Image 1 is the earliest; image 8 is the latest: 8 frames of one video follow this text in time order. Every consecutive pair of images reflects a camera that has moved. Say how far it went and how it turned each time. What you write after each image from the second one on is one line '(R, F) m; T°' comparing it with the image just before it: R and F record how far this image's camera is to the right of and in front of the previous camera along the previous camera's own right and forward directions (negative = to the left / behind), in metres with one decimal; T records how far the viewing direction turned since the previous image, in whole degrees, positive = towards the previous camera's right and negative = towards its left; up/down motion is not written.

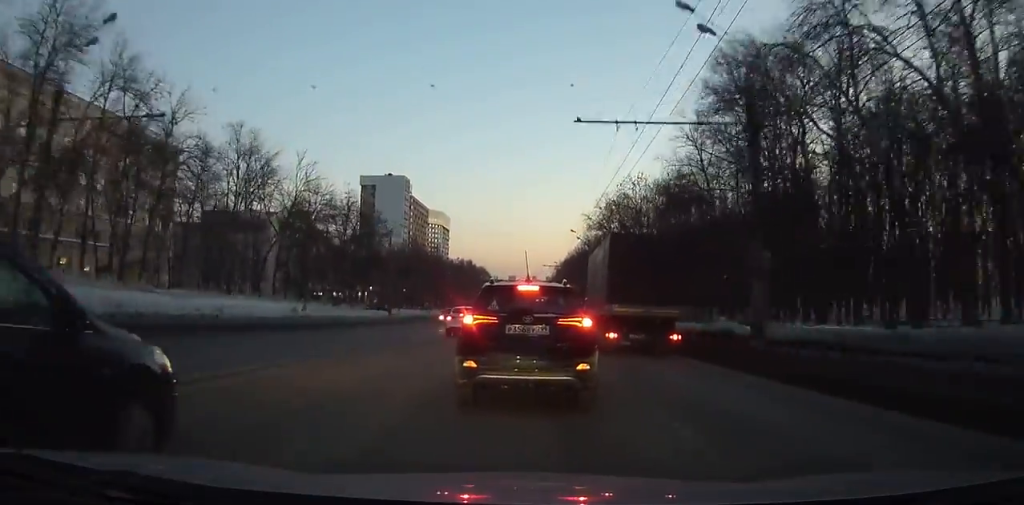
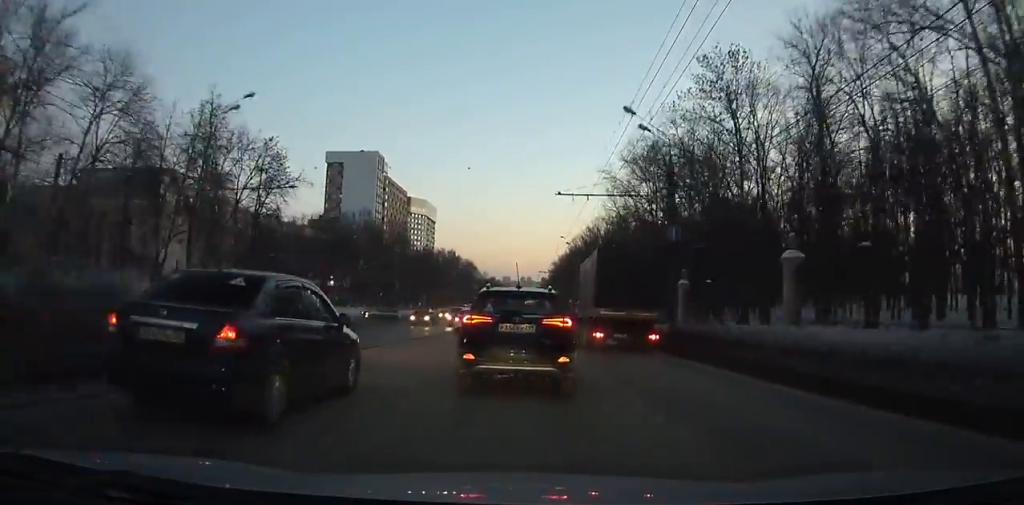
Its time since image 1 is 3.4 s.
(+0.1, +41.8) m; +1°
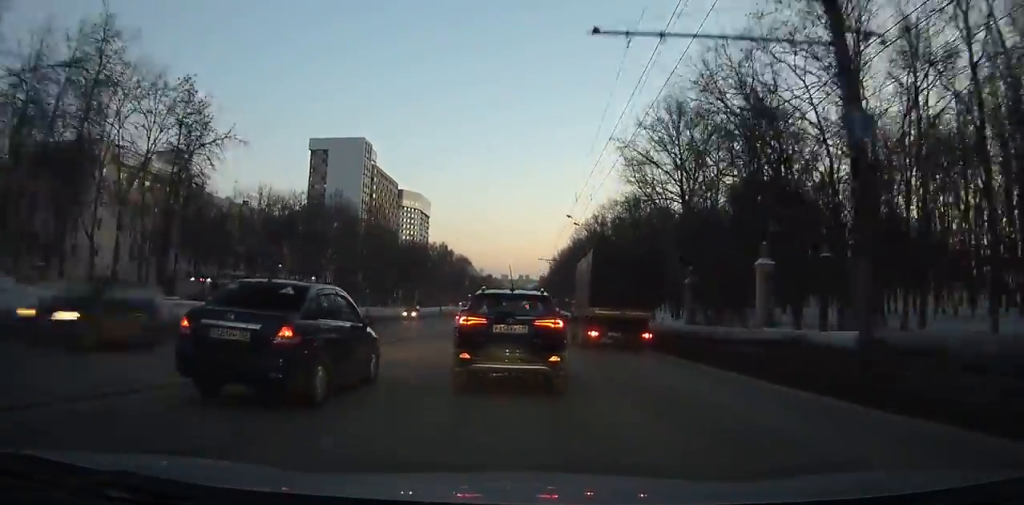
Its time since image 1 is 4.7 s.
(+0.1, +15.2) m; 0°
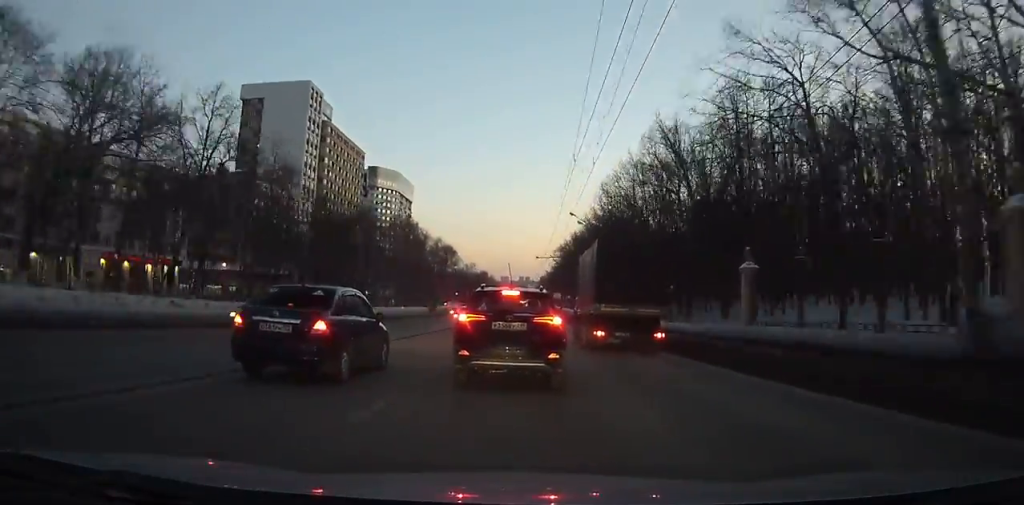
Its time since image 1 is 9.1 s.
(+0.4, +50.0) m; 0°
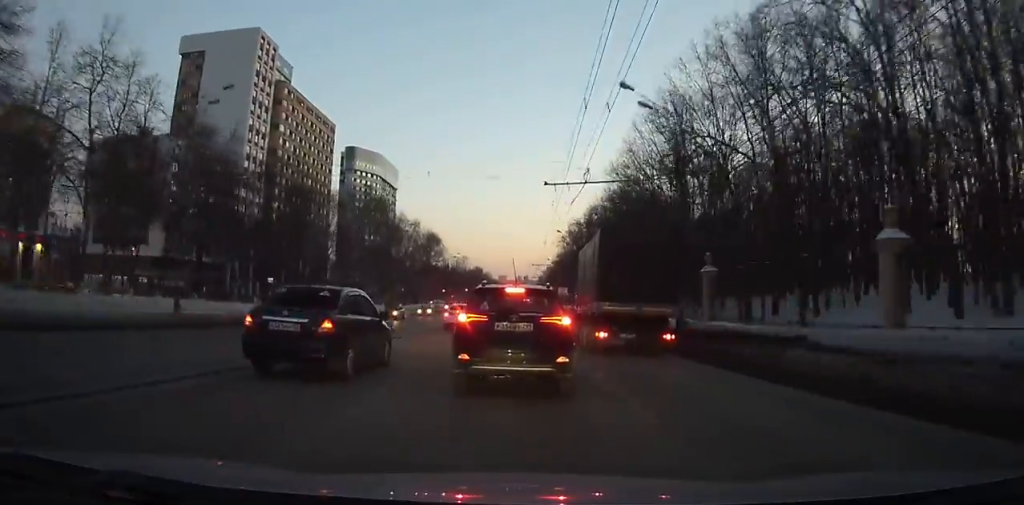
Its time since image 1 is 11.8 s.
(-0.1, +29.0) m; 0°
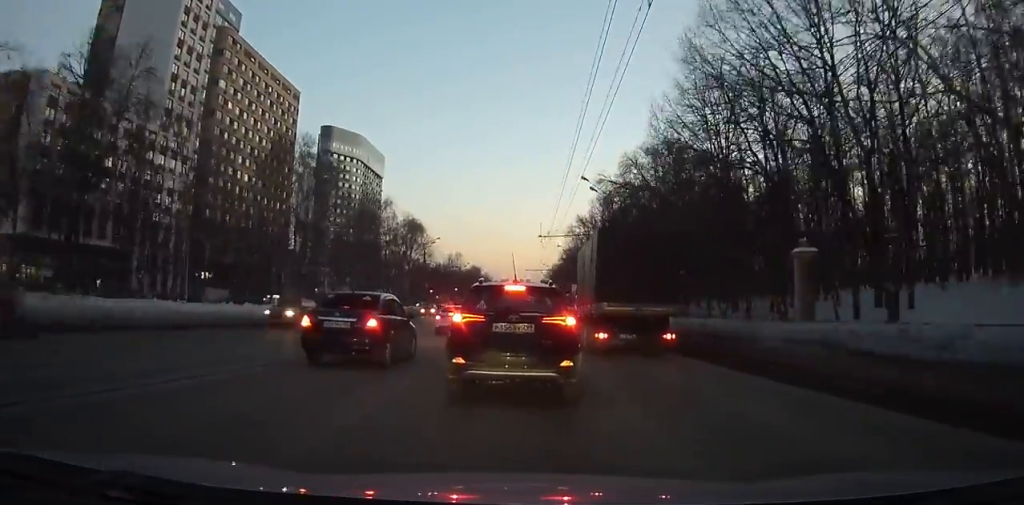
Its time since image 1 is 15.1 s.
(+0.1, +30.7) m; 0°
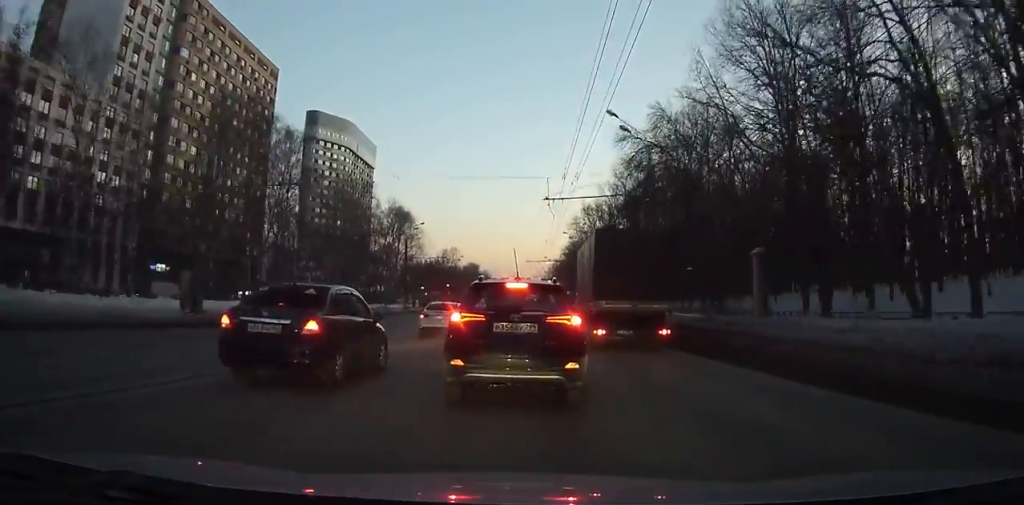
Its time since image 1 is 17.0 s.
(-0.2, +13.3) m; +1°
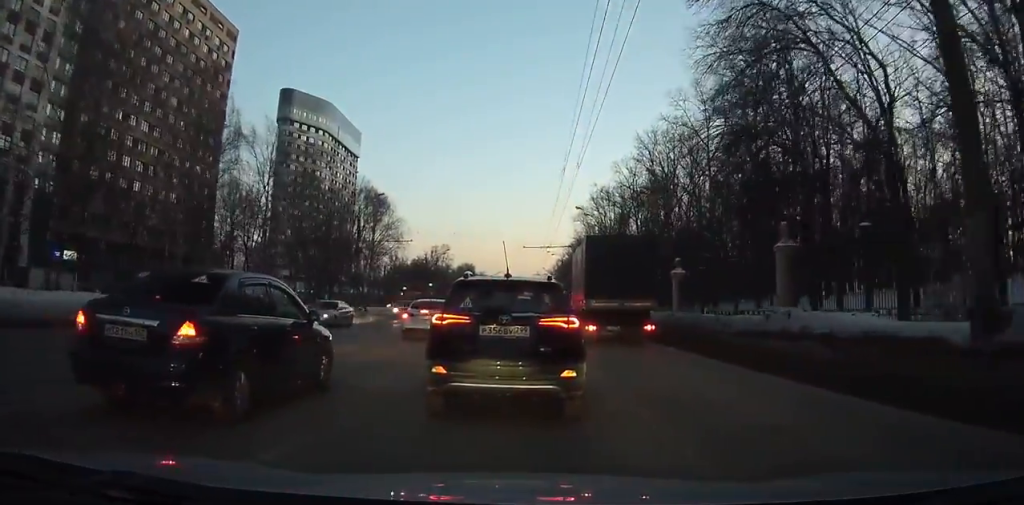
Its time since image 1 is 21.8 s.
(+0.6, +22.3) m; 0°
——
> [What is needed]:
Each line from the one with "Its time since image 1 is 15.1 s." to the final line of the data above is to be printed exactly; no picture should appear in the copy.

> [Task response]:
Its time since image 1 is 15.1 s.
(+0.1, +30.7) m; 0°
Its time since image 1 is 17.0 s.
(-0.2, +13.3) m; +1°
Its time since image 1 is 21.8 s.
(+0.6, +22.3) m; 0°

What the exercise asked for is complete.